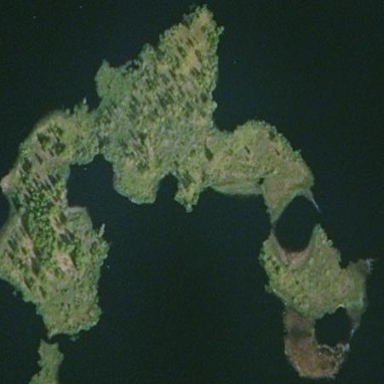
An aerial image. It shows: Islet.
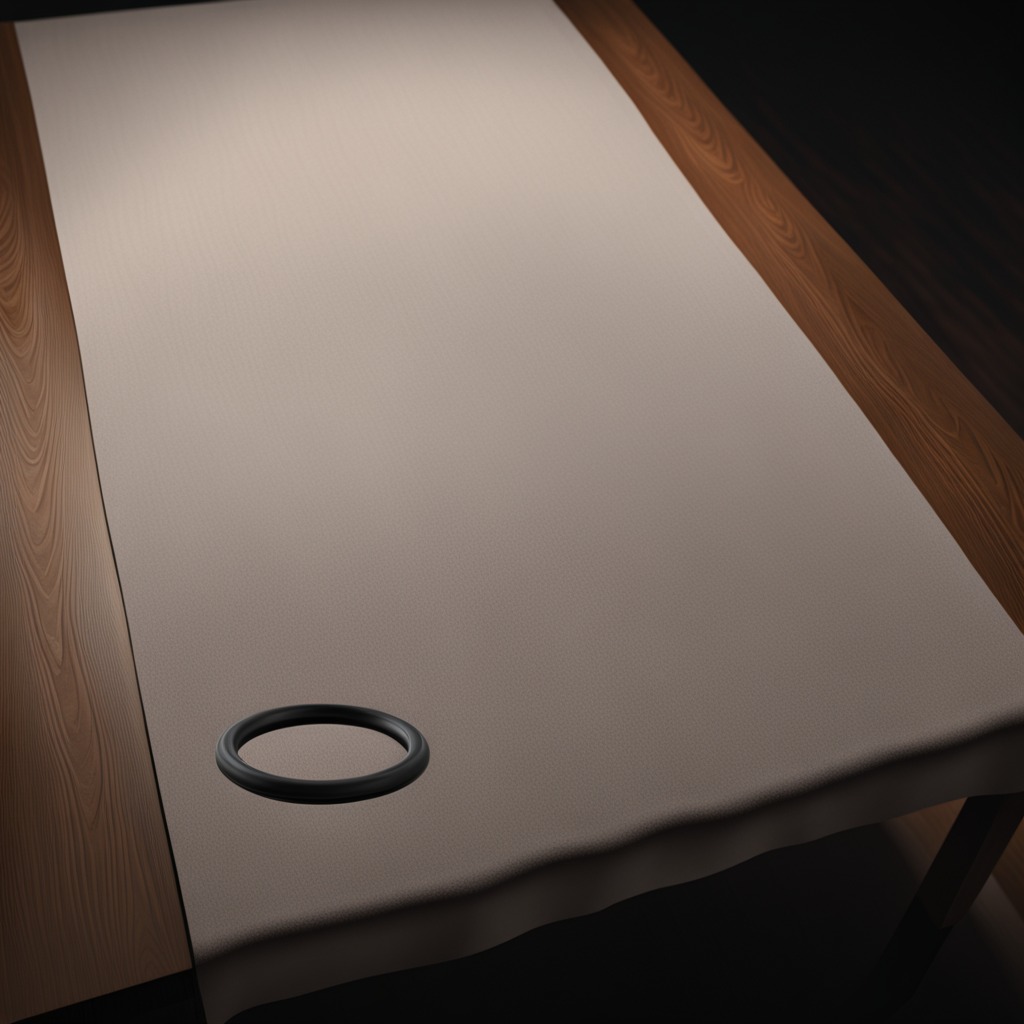
A rubber O-ring lying on a wooden table inside a workshop at night.
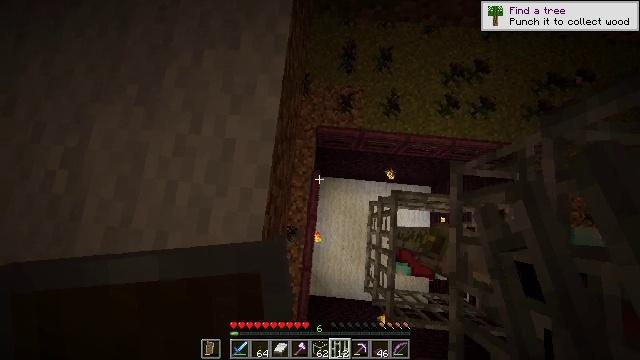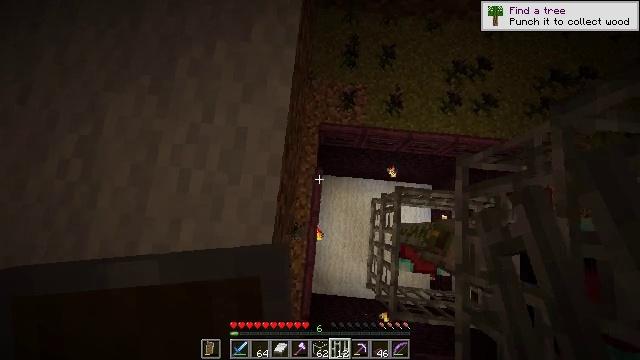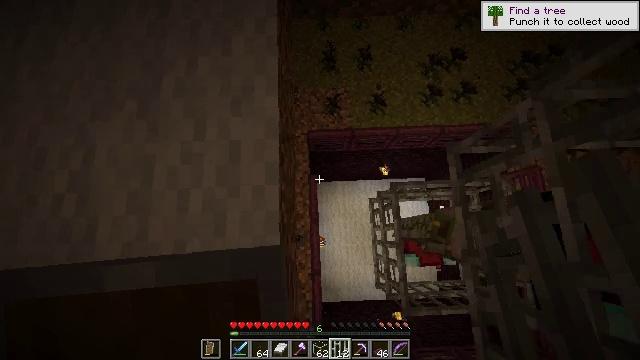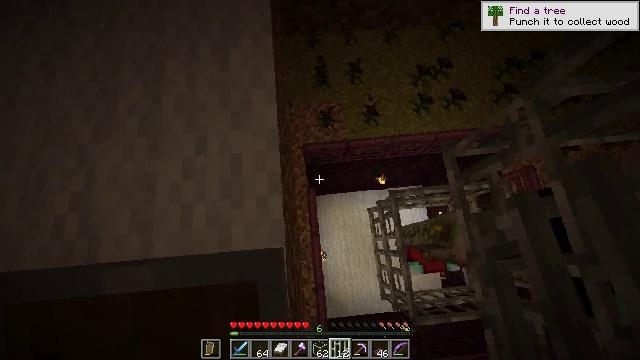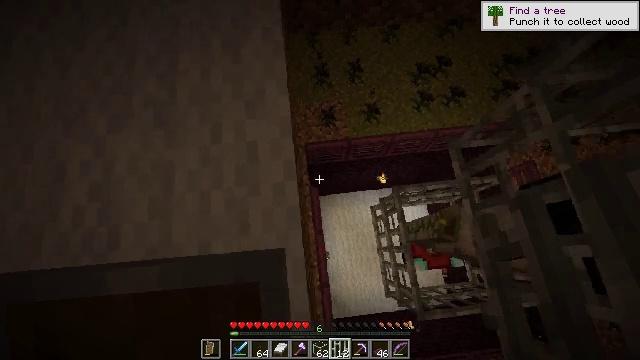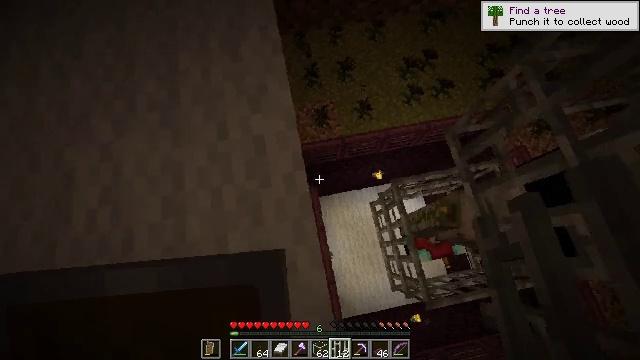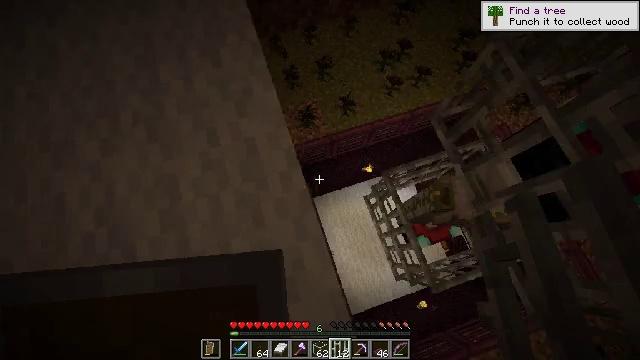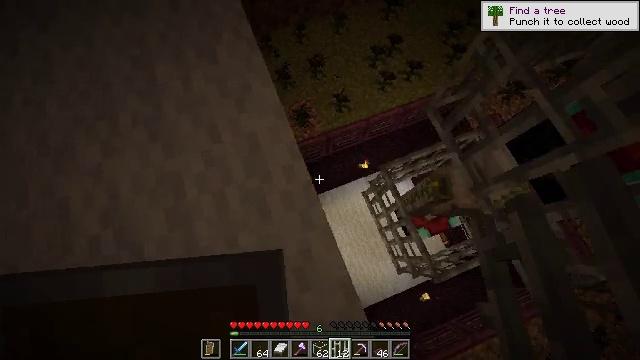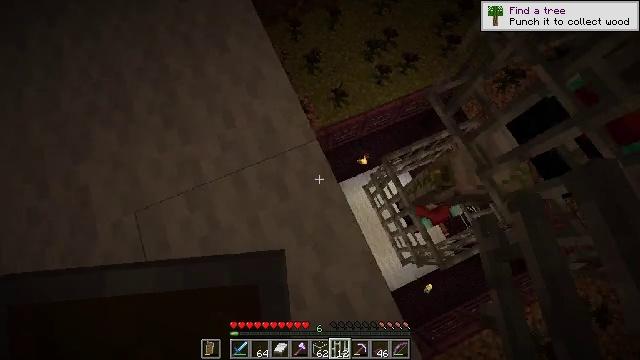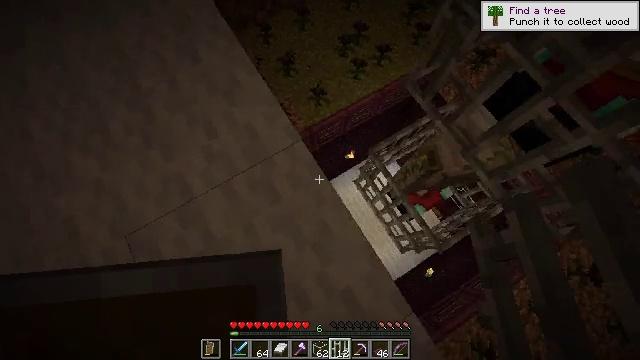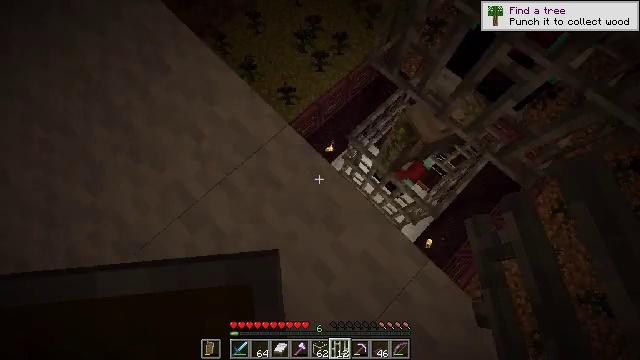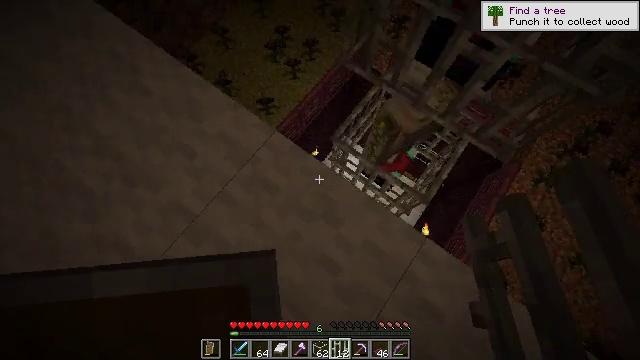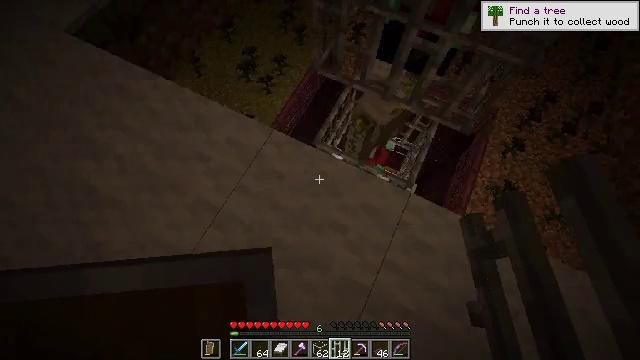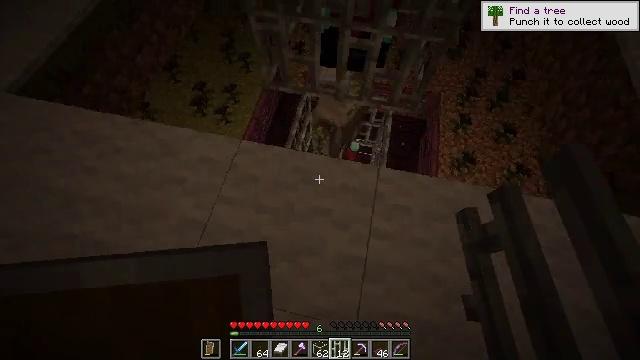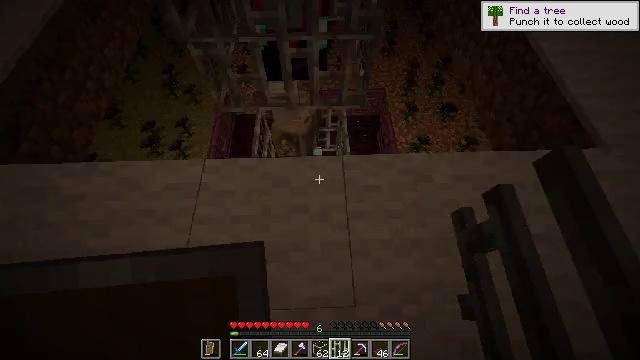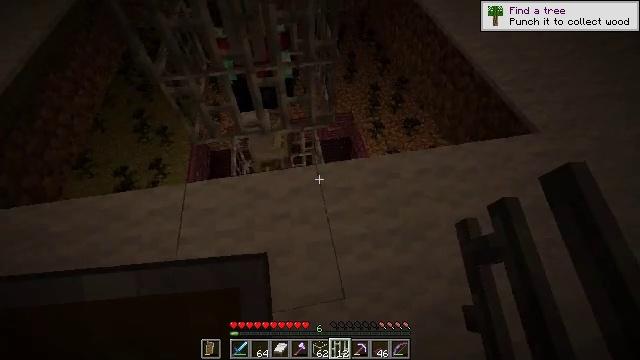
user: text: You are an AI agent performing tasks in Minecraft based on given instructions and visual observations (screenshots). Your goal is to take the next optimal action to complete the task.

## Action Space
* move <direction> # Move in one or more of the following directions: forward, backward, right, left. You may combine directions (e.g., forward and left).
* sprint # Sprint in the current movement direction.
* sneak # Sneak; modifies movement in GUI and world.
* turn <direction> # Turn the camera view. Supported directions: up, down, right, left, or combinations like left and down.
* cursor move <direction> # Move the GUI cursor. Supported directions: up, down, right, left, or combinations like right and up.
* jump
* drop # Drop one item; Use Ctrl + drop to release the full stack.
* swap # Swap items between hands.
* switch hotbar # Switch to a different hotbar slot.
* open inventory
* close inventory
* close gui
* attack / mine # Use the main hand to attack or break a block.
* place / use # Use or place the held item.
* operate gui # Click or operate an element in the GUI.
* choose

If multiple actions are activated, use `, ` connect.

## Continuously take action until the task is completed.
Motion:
──────────────────────────────
**BRIEF**
Only the lines from the one containing "the held item." to the end of the listing belong in the output, each reproduced exactly.

**EXERCISE OUTPUT**
* place / use # Use or place the held item.
* operate gui # Click or operate an element in the GUI.
* choose

If multiple actions are activated, use `, ` connect.

## Continuously take action until the task is completed.
Motion:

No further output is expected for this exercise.